Только теперь, когда все закончилось, Рук почувствовал, как тяжело бьется его сердце. В то, что он только что видел, было трудно поверить. Рук подобрал упавший вабило. Его перья были изломаны, большой бриллиант выпал, а изумруды болтались на металлических нитях. Он поискал вокруг драгоценный камень, и почти сразу же его глаза уловили белый блеск. Он снял рукавицу и нагнулся.
— Оставь себе. Он твой, — сказала она, когда он поднялся, держа камень между большим и указательным пальцами. — Твой приз, — она улыбнулась. Ее глаза сияли от возбуждения. — Чтобы ты не забывал нашу охоту.
Камень покоился в его руке, еще раз напоминая о той пропасти, том страшном расстоянии между ними, которые она невольно подчеркнула, так небрежно одарив его своей милостью.
— Моя госпожа, мне не нужно никакого напоминания о том, что я видел. С помощью Всевышнего, я не забуду этого никогда.
— Тем не менее, — упорствовала она. — Оставь его себе. — Она переключила внимание на сокола, оставив его так и стоять с протянутой рукой.
Он почувствовал глухое раздражение и обиду, хотя, собственно, ни в ее словах, ни в ее тоне не было ничего оскорбительного. Первый раз за все время она дала понять, что ценит его службу и считает ее заслуживающей вознаграждения.
Но он же не ради вознаграждения стремился к ней. Он только хотел, чтобы она заметила его верность, его преданность. А она лишь дала ему что-то на память, как могла бы поступить с любым другим. И, собственно, почему он мог надеяться на что-то иное, не обладая ничем в своем имени и звании, что бы могло хоть как-то помочь приблизиться к ней.

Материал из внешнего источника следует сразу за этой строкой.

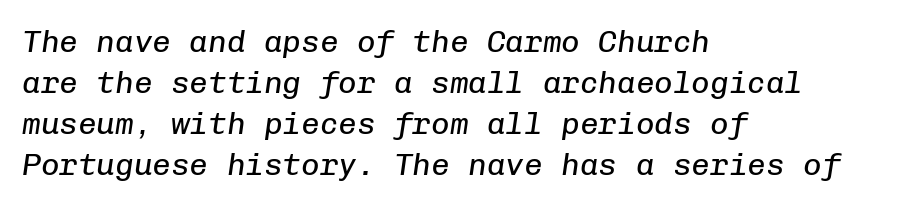
{"italic": "yes", "lean": "right", "slant_degrees": 8, "bold": "no", "weight": "regular", "width": "normal", "stroke_contrast": "low", "x_height": "medium", "monospaced": "yes", "underline": "no", "align": "left", "line_spacing": "normal", "line_spacing_ratio": 1.32, "letter_spacing": "normal", "letter_spacing_em": 0.0, "glyph_px": 31}

Глядя, как принцесса Меланта ласкает Гринголета, он вдруг вспомнил о светлом северянине, который подарил ей эту птицу. Он подумал о том, чем обладал: конь, меч, украшенные дорогими камнями путцы сокола, которые она же ему и подарила, боевое снаряжение, которое сейчас было на нем. Другие латы, для турниров, которые стоили ему пяти лет службы и на которых так сиял тот ее изумруд — потеряны навсегда и, наверное, уже разграблены бандитами в их лагере.
У него не было ничего стоящего, ничего, чтобы заслуживало ее внимания и не было бы получено от нее самой.
Держа себя церемонно и стараясь говорить обходительно, он заявил:
— Клянусь перед Богом, моя госпожа, что я не стремлюсь к подаркам и не возьму их. Моя единственная забота — это забота о вас, о вашем благополучии. О том, чтобы доставить вас в надежное место завтра.
Она повернула к нему свою голову, но так и не подняла своих глаз. Какое-то время она наблюдала за тем, как ветер рябил речную воду. Затем все в ней изменилось — доброта и дружелюбие исчезли, лицо стало сдержанным и надменным.